I wanted the band to have a long time to work on their next album. I knew it would be very difficult to write a follow-up to
Dr. Feelgood
, and there was a chance that by waiting to record they could get a new contract with Elektra that would earn them twenty-five million dollars. At the same time, they needed downtime to deal with their new children: within months of each other, Vince and Sharise had their first daughter, Skylar, and Nikki and Brandi had their first son, Gunner. And Tommy, left out, really started wanting to have a child of his own with Heather.

As the new Elektra deal was being negotiated, things with the band kept going more haywire. Vince was getting back into drink again. He’d come to rehearsals for the new album a mess, and then leave early because he had to boff some porn star on his way home. By spring 1991, I had to call him and tell him that he wasn’t welcome at rehearsals until he got his act together. So Vince grabbed some porn star, flew to Hawaii without telling us, and maxed out all his charge cards until he had to return home, where Sharise was impatiently waiting to kill him. He quickly pacified her—he was so good that if you walked into your bedroom and he was banging your wife, within five minutes he would have talked you out of believing what you had just seen. Then he took a plane to Tucson and checked himself into rehab.

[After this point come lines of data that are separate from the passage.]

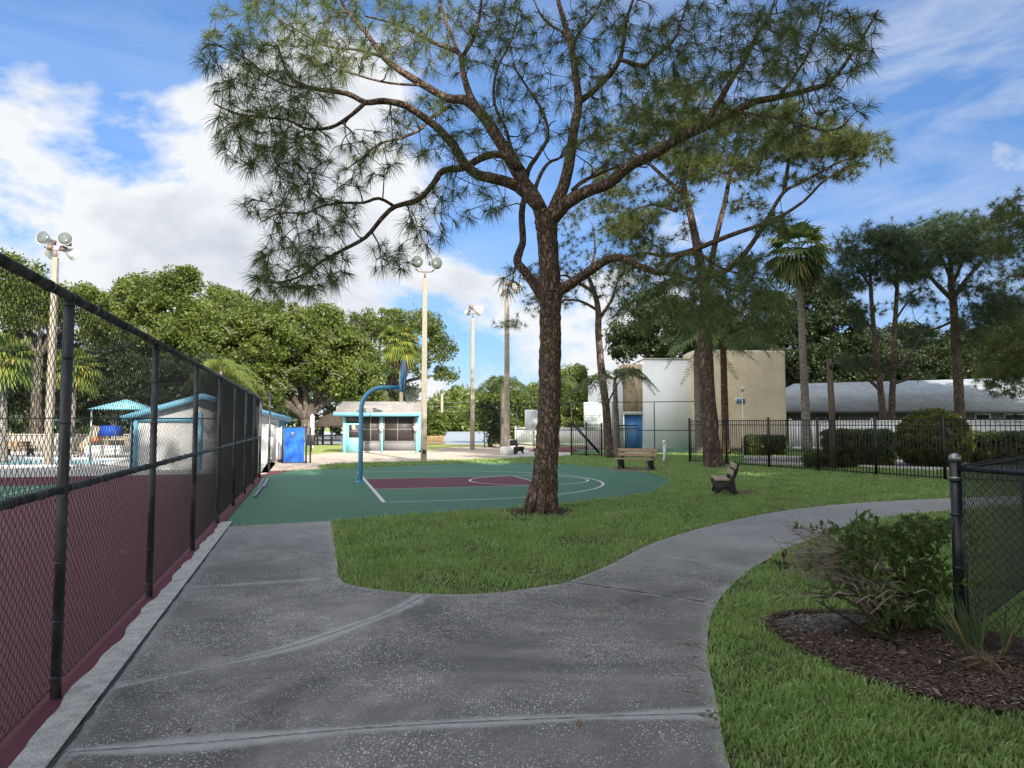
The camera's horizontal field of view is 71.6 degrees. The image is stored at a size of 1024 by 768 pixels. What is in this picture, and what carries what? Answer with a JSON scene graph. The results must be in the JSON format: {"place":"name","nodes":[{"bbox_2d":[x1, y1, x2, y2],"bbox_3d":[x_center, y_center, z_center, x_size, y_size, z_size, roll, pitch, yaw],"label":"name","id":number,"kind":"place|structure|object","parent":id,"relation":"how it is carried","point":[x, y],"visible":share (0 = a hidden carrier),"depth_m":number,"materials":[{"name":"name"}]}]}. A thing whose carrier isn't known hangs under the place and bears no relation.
{"place":"outdoors","nodes":[
{"label":"outdoors","id":0,"kind":"place"},
{"bbox_2d":[0,458,119,464],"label":"pool water","id":1,"kind":"structure","parent":0,"point":[38,462],"depth_m":30.48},
{"bbox_2d":[0,474,264,767],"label":"tennis court","id":2,"kind":"object","parent":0,"point":[13,743],"visible":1,"depth_m":7.25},
{"bbox_2d":[0,485,55,500],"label":"tennis green","id":3,"kind":"object","parent":2,"relation":"on","point":[10,491],"depth_m":17.77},
{"bbox_2d":[0,451,274,476],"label":"pool deck","id":4,"kind":"structure","parent":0,"point":[263,465],"depth_m":25.57,"materials":[{"name":"concrete"}]},
{"bbox_2d":[0,331,43,462],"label":"fan palm","id":5,"kind":"object","parent":4,"relation":"on","point":[12,376],"visible":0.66,"depth_m":29.87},
{"bbox_2d":[8,441,36,455],"bbox_3d":[-25.516,3.330,36.718,1.600,0.745,0.576,0,-3,0],"label":"park bench","id":6,"kind":"object","parent":4,"relation":"on","point":[21,444],"visible":0.48,"depth_m":36.57,"materials":[{"name":"beige wood"}]},
{"bbox_2d":[36,231,78,464],"bbox_3d":[-17.896,-1.382,27.796,1.393,9.160,0.847,0,-3,-8],"label":"light pole","id":7,"kind":"object","parent":4,"relation":"on","point":[63,238],"visible":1,"depth_m":27.64,"materials":[{"name":"concrete"}]},
{"bbox_2d":[0,456,129,466],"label":"pool coping","id":8,"kind":"object","parent":4,"relation":"on","point":[126,459],"visible":0.21,"depth_m":27.37,"materials":[{"name":"white paint"}]},
{"bbox_2d":[7,434,129,450],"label":"wall","id":9,"kind":"structure","parent":4,"relation":"on","point":[41,441],"depth_m":42.41,"materials":[{"name":"stone"}]},
{"bbox_2d":[42,345,105,454],"bbox_3d":[-23.360,0.814,38.149,3.337,5.935,3.236,0,-3,0],"label":"fan palm","id":10,"kind":"object","parent":4,"relation":"on","point":[80,380],"visible":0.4,"depth_m":37.81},
{"bbox_2d":[84,445,103,454],"bbox_3d":[-22.433,3.543,38.144,0.840,0.480,0.540,0,-3,-6],"label":"storage chest","id":11,"kind":"object","parent":4,"relation":"on","point":[92,452],"visible":0.43,"depth_m":37.91,"materials":[{"name":"white paint"}]},
{"bbox_2d":[76,425,130,452],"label":"pool slide","id":12,"kind":"object","parent":4,"relation":"on","point":[110,435],"visible":0.45,"depth_m":40.34,"materials":[{"name":"plastic"}]},
{"bbox_2d":[0,418,216,475],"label":"pool fence","id":13,"kind":"object","parent":4,"relation":"on","point":[82,439],"visible":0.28,"depth_m":22.64,"materials":[{"name":"white metal"}]},
{"bbox_2d":[89,399,150,459],"bbox_3d":[-17.919,2.099,32.934,2.300,2.783,2.300,0,-3,0],"label":"shade canopy","id":14,"kind":"object","parent":4,"relation":"on","point":[137,406],"visible":0.33,"depth_m":32.26,"materials":[{"name":"teal paint"}]},
{"bbox_2d":[122,394,290,469],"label":"pool house","id":15,"kind":"structure","parent":4,"relation":"on","point":[278,420],"depth_m":25.50,"materials":[{"name":"white"}]},
{"bbox_2d":[265,424,276,462],"bbox_3d":[-10.253,2.519,30.207,0.060,1.640,0.750,-1,-3,12],"label":"door","id":16,"kind":"structure","parent":15,"relation":"in","point":[273,426],"depth_m":30.22,"materials":[{"name":"white paint"}]},
{"bbox_2d":[181,357,266,394],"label":"feather palm","id":17,"kind":"object","parent":4,"relation":"on","point":[229,368],"visible":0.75,"depth_m":41.99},
{"bbox_2d":[1,425,787,477],"bbox_3d":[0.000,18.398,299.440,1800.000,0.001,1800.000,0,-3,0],"label":"ground","id":18,"kind":"structure","parent":0,"point":[324,448],"depth_m":52.07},
{"bbox_2d":[0,328,102,433],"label":"dense tree","id":19,"kind":"object","parent":18,"relation":"on","point":[28,392],"visible":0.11,"depth_m":46.48,"materials":[{"name":"plant"}]},
{"bbox_2d":[0,247,116,433],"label":"oak tree","id":20,"kind":"object","parent":18,"relation":"on","point":[91,293],"visible":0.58,"depth_m":43.98,"materials":[{"name":"green plant"}]},
{"bbox_2d":[42,338,175,426],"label":"dense tree","id":21,"kind":"object","parent":18,"relation":"on","point":[130,366],"visible":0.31,"depth_m":45.52,"materials":[{"name":"plant"}]},
{"bbox_2d":[74,264,226,360],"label":"oak tree","id":22,"kind":"object","parent":18,"relation":"on","point":[146,302],"visible":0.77,"depth_m":53.20,"materials":[{"name":"green plant"}]},
{"bbox_2d":[131,351,257,403],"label":"dense tree","id":23,"kind":"object","parent":18,"relation":"on","point":[200,358],"visible":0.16,"depth_m":45.44,"materials":[{"name":"plant"}]},
{"bbox_2d":[197,280,255,326],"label":"oak tree","id":24,"kind":"object","parent":18,"relation":"on","point":[211,289],"visible":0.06,"depth_m":71.61,"materials":[{"name":"green plant"}]},
{"bbox_2d":[202,289,387,441],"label":"oak tree","id":25,"kind":"object","parent":18,"relation":"on","point":[328,342],"visible":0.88,"depth_m":61.70,"materials":[{"name":"green plant"}]},
{"bbox_2d":[315,412,342,444],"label":"thatched hut","id":26,"kind":"object","parent":18,"relation":"on","point":[330,421],"visible":0.83,"depth_m":54.78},
{"bbox_2d":[332,302,460,400],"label":"oak tree","id":27,"kind":"object","parent":18,"relation":"on","point":[370,326],"visible":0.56,"depth_m":69.60,"materials":[{"name":"green plant"}]},
{"bbox_2d":[374,322,421,400],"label":"fan palm","id":28,"kind":"object","parent":18,"relation":"on","point":[396,352],"visible":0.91,"depth_m":51.58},
{"bbox_2d":[427,436,444,444],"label":"dock rail","id":29,"kind":"object","parent":18,"relation":"on","point":[436,442],"visible":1,"depth_m":56.02,"materials":[{"name":"brown wood"}]},
{"bbox_2d":[427,409,449,441],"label":"bush","id":30,"kind":"object","parent":18,"relation":"on","point":[437,423],"visible":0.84,"depth_m":65.30,"materials":[{"name":"green plant"}]},
{"bbox_2d":[444,407,478,431],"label":"bush","id":31,"kind":"object","parent":18,"relation":"on","point":[457,417],"visible":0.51,"depth_m":149.77,"materials":[{"name":"green plant"}]},
{"bbox_2d":[7,364,981,436],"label":"background woods","id":32,"kind":"object","parent":18,"relation":"on","point":[329,408],"visible":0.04,"depth_m":86.40,"materials":[{"name":"plant"}]},
{"bbox_2d":[389,382,623,431],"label":"woods","id":33,"kind":"object","parent":18,"relation":"on","point":[452,394],"visible":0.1,"depth_m":157.71,"materials":[{"name":"plant"}]},
{"bbox_2d":[459,380,565,443],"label":"leafy tree","id":34,"kind":"object","parent":18,"relation":"on","point":[518,398],"visible":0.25,"depth_m":59.75,"materials":[{"name":"plant"}]},
{"bbox_2d":[515,426,587,445],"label":"vinyl fence","id":35,"kind":"object","parent":18,"relation":"on","point":[580,439],"visible":0.39,"depth_m":53.58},
{"bbox_2d":[560,363,588,427],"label":"leafy tree","id":36,"kind":"object","parent":18,"relation":"on","point":[579,373],"visible":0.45,"depth_m":61.07,"materials":[{"name":"plant"}]},
{"bbox_2d":[588,358,692,448],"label":"white building","id":37,"kind":"structure","parent":18,"relation":"on","point":[642,398],"depth_m":47.09,"materials":[{"name":"paint"}]},
{"bbox_2d":[624,415,641,447],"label":"door","id":38,"kind":"structure","parent":37,"relation":"in","point":[628,419],"depth_m":47.62,"materials":[{"name":"blue paint"}]},
{"bbox_2d":[602,281,775,364],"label":"oak tree","id":39,"kind":"object","parent":18,"relation":"on","point":[622,346],"visible":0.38,"depth_m":56.29,"materials":[{"name":"green plant"}]},
{"bbox_2d":[683,350,786,448],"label":"beige building","id":40,"kind":"structure","parent":18,"relation":"on","point":[763,383],"depth_m":46.51,"materials":[{"name":"paint"}]},
{"bbox_2d":[742,266,891,386],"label":"oak tree","id":41,"kind":"object","parent":18,"relation":"on","point":[825,337],"visible":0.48,"depth_m":68.41,"materials":[{"name":"green plant"}]},
{"bbox_2d":[815,217,919,418],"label":"pine tree","id":42,"kind":"object","parent":18,"relation":"on","point":[853,252],"visible":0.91,"depth_m":45.75,"materials":[{"name":"plant"}]},
{"bbox_2d":[853,218,958,418],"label":"pine tree","id":43,"kind":"object","parent":18,"relation":"on","point":[896,232],"visible":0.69,"depth_m":46.91,"materials":[{"name":"plant"}]},
{"bbox_2d":[841,320,992,381],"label":"oak tree","id":44,"kind":"object","parent":18,"relation":"on","point":[933,362],"visible":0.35,"depth_m":70.49,"materials":[{"name":"green plant"}]},
{"bbox_2d":[885,206,1023,418],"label":"pine tree","id":45,"kind":"object","parent":18,"relation":"on","point":[956,236],"visible":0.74,"depth_m":49.67,"materials":[{"name":"plant"}]},
{"bbox_2d":[941,296,1023,374],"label":"oak tree","id":46,"kind":"object","parent":18,"relation":"on","point":[999,327],"visible":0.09,"depth_m":75.39,"materials":[{"name":"green plant"}]},
{"bbox_2d":[261,445,535,473],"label":"plaza","id":47,"kind":"structure","parent":0,"point":[456,453],"depth_m":35.71,"materials":[{"name":"concrete"}]},
{"bbox_2d":[268,393,273,469],"bbox_3d":[-8.567,1.683,25.205,0.168,2.750,0.097,0,-3,0],"label":"gate post","id":48,"kind":"object","parent":47,"relation":"on","point":[269,433],"visible":1,"depth_m":25.18,"materials":[{"name":"metal"}]},
{"bbox_2d":[276,428,281,461],"bbox_3d":[-10.163,2.637,30.713,0.441,1.460,0.300,0,-3,0],"label":"screen panel","id":49,"kind":"object","parent":47,"relation":"on","point":[278,443],"visible":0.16,"depth_m":30.68,"materials":[{"name":"white paint"}]},
{"bbox_2d":[281,425,311,462],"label":"gate","id":50,"kind":"structure","parent":47,"relation":"on","point":[293,439],"depth_m":29.60,"materials":[{"name":"blue metal"}]},
{"bbox_2d":[333,401,428,452],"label":"shed","id":51,"kind":"structure","parent":47,"relation":"on","point":[391,426],"depth_m":40.55,"materials":[{"name":"concrete"}]},
{"bbox_2d":[346,423,358,451],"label":"door","id":52,"kind":"structure","parent":51,"relation":"in","point":[352,429],"depth_m":40.49,"materials":[{"name":"teal paint"}]},
{"bbox_2d":[363,416,380,441],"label":"window","id":53,"kind":"structure","parent":51,"relation":"in","point":[371,431],"depth_m":40.57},
{"bbox_2d":[383,416,415,441],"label":"window","id":54,"kind":"structure","parent":51,"relation":"in","point":[396,428],"depth_m":40.57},
{"bbox_2d":[411,256,442,460],"bbox_3d":[-3.834,-1.138,31.710,1.420,9.110,0.794,0,-3,-8],"label":"light pole","id":55,"kind":"object","parent":47,"relation":"on","point":[437,264],"visible":0.88,"depth_m":31.51,"materials":[{"name":"concrete"}]},
{"bbox_2d":[464,305,482,449],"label":"light pole","id":56,"kind":"object","parent":47,"relation":"on","point":[478,310],"visible":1,"depth_m":44.89,"materials":[{"name":"concrete"}]},
{"bbox_2d":[475,398,500,446],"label":"leaning bush","id":57,"kind":"object","parent":47,"relation":"on","point":[491,415],"visible":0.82,"depth_m":49.48,"materials":[{"name":"green plant"}]},
{"bbox_2d":[461,375,536,446],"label":"feather palm","id":58,"kind":"object","parent":47,"relation":"on","point":[499,381],"visible":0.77,"depth_m":47.83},
{"bbox_2d":[498,282,521,454],"bbox_3d":[-0.128,-0.846,37.748,1.174,9.200,0.718,1,-3,-21],"label":"light pole","id":59,"kind":"object","parent":47,"relation":"on","point":[506,449],"visible":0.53,"depth_m":37.52,"materials":[{"name":"concrete"}]},
{"bbox_2d":[510,440,523,453],"bbox_3d":[0.183,3.438,38.635,0.576,0.745,1.500,-1,-3,22],"label":"park bench","id":60,"kind":"object","parent":47,"relation":"on","point":[517,449],"visible":0.69,"depth_m":39.02,"materials":[{"name":"black plastic"}]},
{"bbox_2d":[484,401,693,450],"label":"chain link fence","id":61,"kind":"object","parent":47,"relation":"on","point":[516,429],"visible":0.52,"depth_m":44.29,"materials":[{"name":"black metal"}]},
{"bbox_2d":[525,410,536,429],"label":"notice board","id":62,"kind":"object","parent":61,"relation":"attached to","point":[530,419],"visible":0.92,"depth_m":41.93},
{"bbox_2d":[584,402,602,429],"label":"notice board","id":63,"kind":"object","parent":61,"relation":"attached to","point":[593,415],"visible":0.92,"depth_m":43.34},
{"bbox_2d":[304,432,512,443],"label":"lake","id":64,"kind":"structure","parent":0,"point":[457,437],"depth_m":79.60,"materials":[{"name":"liquid"}]},
{"bbox_2d":[228,463,667,526],"bbox_3d":[-1.056,2.824,21.039,12.184,0.001,16.765,1,-3,-16],"label":"basketball court","id":65,"kind":"object","parent":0,"point":[302,496],"visible":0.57,"depth_m":17.27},
{"bbox_2d":[355,360,419,482],"bbox_3d":[-3.514,1.076,20.516,1.672,3.540,1.262,-1,-3,9],"label":"basketball hoop","id":66,"kind":"object","parent":65,"relation":"on","point":[401,386],"visible":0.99,"depth_m":20.13,"materials":[{"name":"blue metal"}]},
{"bbox_2d":[366,476,530,488],"bbox_3d":[-1.733,2.767,20.087,4.599,0.001,3.439,1,-3,-15],"label":"key paint","id":67,"kind":"object","parent":65,"relation":"on","point":[395,483],"visible":0.8,"depth_m":19.86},
{"bbox_2d":[357,471,603,501],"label":"court lines","id":68,"kind":"object","parent":65,"relation":"on","point":[374,491],"visible":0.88,"depth_m":18.55,"materials":[{"name":"paint"}]},
{"bbox_2d":[0,0,1023,424],"label":"sky","id":69,"kind":"structure","parent":0,"point":[103,112],"materials":[{"name":"blue"}]},
{"bbox_2d":[2,449,1023,767],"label":"lawn","id":70,"kind":"structure","parent":0,"point":[746,665],"depth_m":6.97,"materials":[{"name":"plant"}]},
{"bbox_2d":[8,521,231,767],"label":"path edging","id":71,"kind":"object","parent":70,"relation":"on","point":[49,737],"visible":1,"depth_m":4.56,"materials":[{"name":"concrete"}]},
{"bbox_2d":[0,253,261,741],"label":"chain link fence","id":72,"kind":"object","parent":70,"relation":"on","point":[236,406],"visible":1,"depth_m":5.59,"materials":[{"name":"metal"}]},
{"bbox_2d":[187,0,891,513],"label":"pine tree","id":73,"kind":"object","parent":70,"relation":"on","point":[549,288],"visible":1,"depth_m":13.09,"materials":[{"name":"green plant"}]},
{"bbox_2d":[491,195,654,457],"bbox_3d":[3.009,-2.995,34.442,9.349,13.290,4.442,1,-3,-17],"label":"pine tree","id":74,"kind":"object","parent":70,"relation":"on","point":[607,428],"visible":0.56,"depth_m":34.03,"materials":[{"name":"plant"}]},
{"bbox_2d":[571,421,601,455],"bbox_3d":[3.758,2.752,36.005,1.681,1.821,0.112,-2,-4,26],"label":"picket fence","id":75,"kind":"object","parent":70,"relation":"on","point":[585,437],"visible":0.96,"depth_m":35.97,"materials":[{"name":"black metal"}]},
{"bbox_2d":[561,366,659,456],"bbox_3d":[4.698,1.436,36.071,5.015,4.521,5.088,2,-4,-37],"label":"feather palm","id":76,"kind":"object","parent":70,"relation":"on","point":[589,381],"visible":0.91,"depth_m":35.58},
{"bbox_2d":[619,425,638,448],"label":"picket gate","id":77,"kind":"structure","parent":70,"relation":"on","point":[627,428],"depth_m":40.38,"materials":[{"name":"black metal"}]},
{"bbox_2d":[662,440,666,461],"bbox_3d":[6.573,2.886,30.595,0.200,0.950,0.183,0,-3,0],"label":"white post","id":78,"kind":"object","parent":70,"relation":"on","point":[664,442],"visible":0.91,"depth_m":30.54,"materials":[{"name":"paint"}]},
{"bbox_2d":[658,333,759,453],"bbox_3d":[10.712,0.443,38.907,5.198,6.763,5.184,0,-3,0],"label":"feather palm","id":79,"kind":"object","parent":70,"relation":"on","point":[697,413],"visible":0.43,"depth_m":38.84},
{"bbox_2d":[664,325,785,453],"bbox_3d":[11.100,0.249,38.388,5.682,7.090,6.235,0,-3,0],"label":"feather palm","id":80,"kind":"object","parent":70,"relation":"on","point":[724,386],"visible":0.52,"depth_m":37.90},
{"bbox_2d":[574,70,901,467],"bbox_3d":[8.337,-4.809,27.663,12.628,16.185,6.511,-1,-3,20],"label":"pine tree","id":81,"kind":"object","parent":70,"relation":"on","point":[853,145],"visible":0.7,"depth_m":27.00,"materials":[{"name":"plant"}]},
{"bbox_2d":[742,433,787,455],"bbox_3d":[13.065,3.159,36.879,2.146,1.214,1.408,0,-3,0],"label":"hedge","id":82,"kind":"object","parent":70,"relation":"on","point":[747,449],"visible":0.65,"depth_m":36.38,"materials":[{"name":"green plant"}]},
{"bbox_2d":[760,219,842,451],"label":"fan palm","id":83,"kind":"object","parent":70,"relation":"on","point":[807,268],"visible":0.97,"depth_m":41.84,"materials":[{"name":"plant"}]},
{"bbox_2d":[800,451,828,467],"bbox_3d":[11.328,2.821,26.358,1.254,0.695,1.004,0,-3,0],"label":"shrub","id":84,"kind":"object","parent":70,"relation":"on","point":[810,461],"visible":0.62,"depth_m":26.12,"materials":[{"name":"green plant"}]},
{"bbox_2d":[826,358,836,468],"bbox_3d":[11.667,1.082,25.941,0.267,4.033,0.246,0,-3,0],"label":"utility pole","id":85,"kind":"object","parent":70,"relation":"on","point":[830,389],"visible":0.84,"depth_m":25.88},
{"bbox_2d":[688,415,1023,482],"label":"picket fence","id":86,"kind":"object","parent":70,"relation":"on","point":[768,420],"visible":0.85,"depth_m":23.23,"materials":[{"name":"black metal"}]},
{"bbox_2d":[819,427,896,467],"bbox_3d":[13.071,2.409,26.897,2.524,1.592,1.573,0,-3,0],"label":"hedge","id":87,"kind":"object","parent":70,"relation":"on","point":[845,446],"visible":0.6,"depth_m":26.35,"materials":[{"name":"green plant"}]},
{"bbox_2d":[766,611,1023,717],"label":"mulch bed","id":88,"kind":"object","parent":70,"relation":"on","point":[971,706],"visible":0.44,"depth_m":4.84,"materials":[{"name":"brown wood"}]},
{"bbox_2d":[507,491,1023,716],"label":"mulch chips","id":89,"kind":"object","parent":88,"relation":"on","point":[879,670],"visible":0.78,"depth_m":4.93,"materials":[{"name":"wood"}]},
{"bbox_2d":[775,613,867,632],"bbox_3d":[2.586,1.972,5.901,0.939,0.001,0.478,1,-3,-20],"label":"sandy patch","id":90,"kind":"object","parent":88,"relation":"on","point":[825,620],"visible":0.48,"depth_m":5.90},
{"bbox_2d":[765,508,981,639],"bbox_3d":[2.955,1.483,5.664,1.892,1.032,1.239,2,-4,-27],"label":"shrub","id":91,"kind":"object","parent":88,"relation":"on","point":[894,547],"visible":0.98,"depth_m":5.55,"materials":[{"name":"green plant"}]},
{"bbox_2d":[928,585,1023,673],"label":"palmetto","id":92,"kind":"object","parent":88,"relation":"on","point":[963,630],"visible":0.96,"depth_m":4.76,"materials":[{"name":"plant"}]},
{"bbox_2d":[789,418,1023,449],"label":"vinyl fence","id":93,"kind":"object","parent":70,"relation":"on","point":[972,422],"visible":0.22,"depth_m":44.74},
{"bbox_2d":[893,407,975,466],"bbox_3d":[16.540,2.078,27.908,3.078,2.361,2.496,0,-3,0],"label":"round shrub","id":94,"kind":"object","parent":70,"relation":"on","point":[934,413],"visible":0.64,"depth_m":27.30,"materials":[{"name":"green plant"}]},
{"bbox_2d":[948,453,1023,656],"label":"chain link fence","id":95,"kind":"object","parent":70,"relation":"on","point":[957,477],"visible":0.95,"depth_m":5.59,"materials":[{"name":"black metal"}]},
{"bbox_2d":[956,183,1023,402],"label":"pine tree","id":96,"kind":"object","parent":70,"relation":"on","point":[1011,377],"visible":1,"depth_m":39.47,"materials":[{"name":"green needles"},{"name":"brown bark"}]},
{"bbox_2d":[965,430,1023,464],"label":"hedge","id":97,"kind":"object","parent":70,"relation":"on","point":[999,447],"visible":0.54,"depth_m":28.41,"materials":[{"name":"green plant"}]},
{"bbox_2d":[52,496,1021,767],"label":"path","id":98,"kind":"structure","parent":0,"point":[562,658],"depth_m":4.80,"materials":[{"name":"concrete"}]},
{"bbox_2d":[46,528,742,767],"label":"path joint","id":99,"kind":"object","parent":98,"relation":"on","point":[79,728],"visible":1,"depth_m":4.44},
{"bbox_2d":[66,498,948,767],"bbox_3d":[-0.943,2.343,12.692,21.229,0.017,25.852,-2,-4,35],"label":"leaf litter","id":100,"kind":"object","parent":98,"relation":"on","point":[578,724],"visible":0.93,"depth_m":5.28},
{"bbox_2d":[506,452,570,457],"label":"plaza walk","id":101,"kind":"structure","parent":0,"point":[529,454],"depth_m":37.92,"materials":[{"name":"concrete"}]},
{"bbox_2d":[529,447,603,451],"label":"tennis court","id":102,"kind":"object","parent":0,"point":[566,449],"visible":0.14,"depth_m":45.33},
{"bbox_2d":[525,375,582,445],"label":"feather palm","id":103,"kind":"object","parent":102,"relation":"on","point":[567,382],"visible":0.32,"depth_m":50.17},
{"bbox_2d":[577,448,692,452],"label":"tennis green","id":104,"kind":"object","parent":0,"point":[661,451],"depth_m":41.97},
{"bbox_2d":[602,458,756,495],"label":"worn ground","id":105,"kind":"structure","parent":0,"point":[645,469],"depth_m":25.00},
{"bbox_2d":[614,448,657,469],"bbox_3d":[4.495,2.720,25.780,1.500,0.745,0.576,-2,-4,30],"label":"park bench","id":106,"kind":"object","parent":105,"relation":"on","point":[650,462],"visible":0.98,"depth_m":25.81,"materials":[{"name":"brown wood"}]},
{"bbox_2d":[710,461,738,495],"bbox_3d":[5.010,2.215,16.755,0.576,0.745,1.250,-1,-3,12],"label":"park bench","id":107,"kind":"object","parent":105,"relation":"on","point":[722,482],"visible":0.95,"depth_m":16.26,"materials":[{"name":"brown wood"}]},
{"bbox_2d":[745,459,1019,469],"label":"drive","id":108,"kind":"structure","parent":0,"point":[901,462],"depth_m":30.98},
{"bbox_2d":[743,456,948,470],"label":"kerb","id":109,"kind":"structure","parent":108,"relation":"on","point":[794,463],"depth_m":27.82,"materials":[{"name":"concrete"}]},
{"bbox_2d":[786,378,1023,443],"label":"house","id":110,"kind":"structure","parent":0,"point":[856,400],"depth_m":55.70,"materials":[{"name":"grey"}]},
{"bbox_2d":[974,414,990,418],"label":"window","id":111,"kind":"structure","parent":110,"relation":"in","point":[976,416],"depth_m":54.45,"materials":[{"name":"glass"}]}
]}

We all flew down there and met with Vince, encouraging him to make the band a priority and explaining that we would be there to support him as long as he tried to be there for us. Vince swore he wasn’t just along for the ride and promised to make an effort.

Afterward, we played on the Monsters of Rock tour in Europe with AC/DC, Metallica, and Queensryche, and that was the first time that the shows didn’t make the hair on the back of my neck stand up. Though they had so many hits they should have wiped almost every other band off the stage, something was missing: they didn’t feel real anymore, and the prerecorded tapes they used to replace their backup singers sounded phony to the crowd.

Back home, when
Decade of Decadence
came out, Nikki started spending half his nights at hotels because he was fighting with his wife. Vince, meanwhile, was off on a racing jag. It always seemed like a great little hobby for him until some jerk-off in Long Beach convinced him to race on an Indy Lights team, where I was sure some driver was going to see this rock-and-roll asshole on the track and try to kill him. He started spending his weekends at race-car conferences, where we’d hear reports that he’d been up all night drinking.

I put them back in the studio in December 1991, on a two-week-on, two-week-off schedule. But every time I went down to visit, Vince wasn’t there. He’d have left the studio after a few hours, claiming he was too tired to sing.

Finally, in February, the band started to get pissed.

O
n Monday, the floods began. The waters swept over the Ventura freeway, flooded the Sepulveda Basin, killed six people, and left hundreds more hanging on to telephone poles and antennas for their lives. On the radio, Governor Pete Wilson declared a state of emergency and said that we were in the midst of the worst storm of the century. That didn’t matter, though, to Tommy and me. We drove for two hours to get to rehearsal in Burbank from Westlake Village while Mick, who was up in the mountains somewhere, had an even more grueling ride. We met in the studio lounge and waited for Vince. On the news, we watched people swimming out of their cars on Burbank Boulevard. One hour passed. Two hours passed. Three hours passed. Four hours passed. We called Vince every half hour, but each time there was a busy signal.